Senior Digital Forensic and Incident Response Analyst

Overview:

We are seeking a skilled Digital Forensic and Incident Response Analyst with a robust background in system administration and networking with a security focus. The ideal candidate will possess expertise in investigating cyber incidents, mitigating threats, and implementing proactive measures.

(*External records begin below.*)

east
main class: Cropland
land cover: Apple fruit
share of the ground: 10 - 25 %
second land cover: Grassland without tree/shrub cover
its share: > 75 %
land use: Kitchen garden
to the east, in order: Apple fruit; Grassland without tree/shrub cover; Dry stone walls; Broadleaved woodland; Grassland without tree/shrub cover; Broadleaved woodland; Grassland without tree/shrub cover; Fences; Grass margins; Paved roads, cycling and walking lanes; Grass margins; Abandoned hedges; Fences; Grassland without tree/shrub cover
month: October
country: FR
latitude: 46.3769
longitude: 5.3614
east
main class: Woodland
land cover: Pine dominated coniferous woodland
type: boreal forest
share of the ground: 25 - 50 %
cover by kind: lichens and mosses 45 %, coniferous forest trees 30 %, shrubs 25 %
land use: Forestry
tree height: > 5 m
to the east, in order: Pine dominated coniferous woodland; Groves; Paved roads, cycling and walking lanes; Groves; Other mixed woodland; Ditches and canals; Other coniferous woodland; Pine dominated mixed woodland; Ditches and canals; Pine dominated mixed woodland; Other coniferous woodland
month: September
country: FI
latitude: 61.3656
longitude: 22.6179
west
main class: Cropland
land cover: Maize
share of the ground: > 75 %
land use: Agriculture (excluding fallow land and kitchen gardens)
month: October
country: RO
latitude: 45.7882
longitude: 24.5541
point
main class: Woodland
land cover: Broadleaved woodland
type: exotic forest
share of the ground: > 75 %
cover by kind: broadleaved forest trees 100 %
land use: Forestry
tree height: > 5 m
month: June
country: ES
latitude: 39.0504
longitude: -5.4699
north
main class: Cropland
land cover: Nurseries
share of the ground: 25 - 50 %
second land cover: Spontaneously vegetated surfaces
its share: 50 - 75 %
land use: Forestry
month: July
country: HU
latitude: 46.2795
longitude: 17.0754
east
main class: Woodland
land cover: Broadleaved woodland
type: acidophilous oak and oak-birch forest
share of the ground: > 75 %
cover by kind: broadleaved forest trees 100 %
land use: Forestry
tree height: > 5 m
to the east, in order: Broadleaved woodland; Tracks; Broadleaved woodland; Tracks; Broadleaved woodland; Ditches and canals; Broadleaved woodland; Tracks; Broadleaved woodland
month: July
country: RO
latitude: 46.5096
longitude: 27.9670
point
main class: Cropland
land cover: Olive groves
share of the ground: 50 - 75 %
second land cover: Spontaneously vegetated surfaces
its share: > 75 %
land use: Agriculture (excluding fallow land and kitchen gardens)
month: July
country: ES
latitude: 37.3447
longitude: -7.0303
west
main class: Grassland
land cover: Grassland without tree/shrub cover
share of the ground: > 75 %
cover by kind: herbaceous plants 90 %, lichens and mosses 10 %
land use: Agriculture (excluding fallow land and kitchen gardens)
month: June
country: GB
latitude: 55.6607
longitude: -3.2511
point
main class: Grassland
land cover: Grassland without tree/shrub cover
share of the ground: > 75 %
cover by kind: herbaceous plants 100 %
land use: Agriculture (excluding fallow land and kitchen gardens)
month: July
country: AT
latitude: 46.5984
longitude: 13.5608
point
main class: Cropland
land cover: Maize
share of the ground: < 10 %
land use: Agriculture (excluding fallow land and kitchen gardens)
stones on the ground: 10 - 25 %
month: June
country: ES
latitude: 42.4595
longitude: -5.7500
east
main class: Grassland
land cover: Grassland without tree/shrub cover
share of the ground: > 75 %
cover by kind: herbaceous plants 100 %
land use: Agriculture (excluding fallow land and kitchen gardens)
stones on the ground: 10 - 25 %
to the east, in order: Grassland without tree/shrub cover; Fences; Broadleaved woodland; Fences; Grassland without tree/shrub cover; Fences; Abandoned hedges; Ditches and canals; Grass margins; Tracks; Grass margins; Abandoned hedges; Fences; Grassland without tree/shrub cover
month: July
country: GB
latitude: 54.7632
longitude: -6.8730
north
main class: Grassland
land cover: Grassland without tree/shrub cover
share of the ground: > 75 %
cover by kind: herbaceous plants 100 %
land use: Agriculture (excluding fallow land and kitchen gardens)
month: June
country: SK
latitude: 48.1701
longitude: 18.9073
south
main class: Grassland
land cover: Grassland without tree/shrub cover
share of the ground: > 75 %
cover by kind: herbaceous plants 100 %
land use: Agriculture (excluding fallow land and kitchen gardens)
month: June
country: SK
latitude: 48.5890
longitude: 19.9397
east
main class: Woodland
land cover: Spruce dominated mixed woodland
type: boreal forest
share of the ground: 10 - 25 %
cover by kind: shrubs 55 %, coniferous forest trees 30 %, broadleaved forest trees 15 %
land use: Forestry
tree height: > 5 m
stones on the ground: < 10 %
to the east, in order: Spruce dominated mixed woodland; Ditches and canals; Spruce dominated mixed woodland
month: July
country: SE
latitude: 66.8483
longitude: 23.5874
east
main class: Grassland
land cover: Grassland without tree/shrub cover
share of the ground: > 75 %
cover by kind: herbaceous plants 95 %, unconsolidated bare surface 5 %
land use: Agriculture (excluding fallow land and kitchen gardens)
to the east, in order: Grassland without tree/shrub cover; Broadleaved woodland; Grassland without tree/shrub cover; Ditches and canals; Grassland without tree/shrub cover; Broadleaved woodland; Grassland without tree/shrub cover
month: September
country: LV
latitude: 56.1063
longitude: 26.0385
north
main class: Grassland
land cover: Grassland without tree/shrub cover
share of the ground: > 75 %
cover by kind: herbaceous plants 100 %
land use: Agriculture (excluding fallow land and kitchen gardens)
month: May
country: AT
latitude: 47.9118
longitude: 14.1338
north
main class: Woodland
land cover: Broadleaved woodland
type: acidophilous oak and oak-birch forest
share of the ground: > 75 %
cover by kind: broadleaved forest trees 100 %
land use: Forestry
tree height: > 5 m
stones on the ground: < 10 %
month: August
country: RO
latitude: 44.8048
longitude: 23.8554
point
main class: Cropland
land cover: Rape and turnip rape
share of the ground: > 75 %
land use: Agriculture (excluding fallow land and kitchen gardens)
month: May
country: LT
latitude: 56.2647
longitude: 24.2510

Proficiency in handling DDoS attacks, coupled with a keen understanding of threat intelligence, is essential.

Responsibilities:

  • Conduct digital forensics investigations to analyse and respond to cyber incidents.
  • Collaborate with client cross-functional teams to identify and mitigate security threats promptly.
  • Utilise knowledge of system administration and networking to lead mitigation and containment strategies during an active incident.
  • Lead Investigations and response to incidents related to DDoS attacks, good understanding of WAF and Firewall capabilities.
  • Maintain internal incident response plans, playbooks, and procedures for effective handling of security incidents.
  • Stay current with emerging threats and vulnerabilities, providing insights to enhance proactive security measures.
  • Work closely with threat intelligence sources to stay informed about the evolving cybersecurity landscape.
  • Support the development of new product offerings along with necessary documentation such as data sheets and methodologies.
  • Perform compromise assessments via agent based, forensic collectors and log queries.
  • Deliver training and paper-based assessments to clients.

Qualifications:

  • Proven experience in digital forensics and incident response.
  • Strong background in system administration and networking.
  • Familiarity with threat intelligence sources and the ability to translate intelligence into actionable responses.
  • Proficiency in using forensic tools and methodologies.
  • Certifications such as GCFA, GCIH, CISSP, Microsoft, Cisco or equivalent are preferred.
  • Excellent communication skills with the ability to convey technical information to non-technical stakeholders.
  • Strong problem-solving and analytical skills.
  • Ability to work under pressure and respond to incidents in a timely manner.

Back To Roles▲

Agencies, please read…

Any CVs received from agencies with whom we do not already have terms will be considered a gift.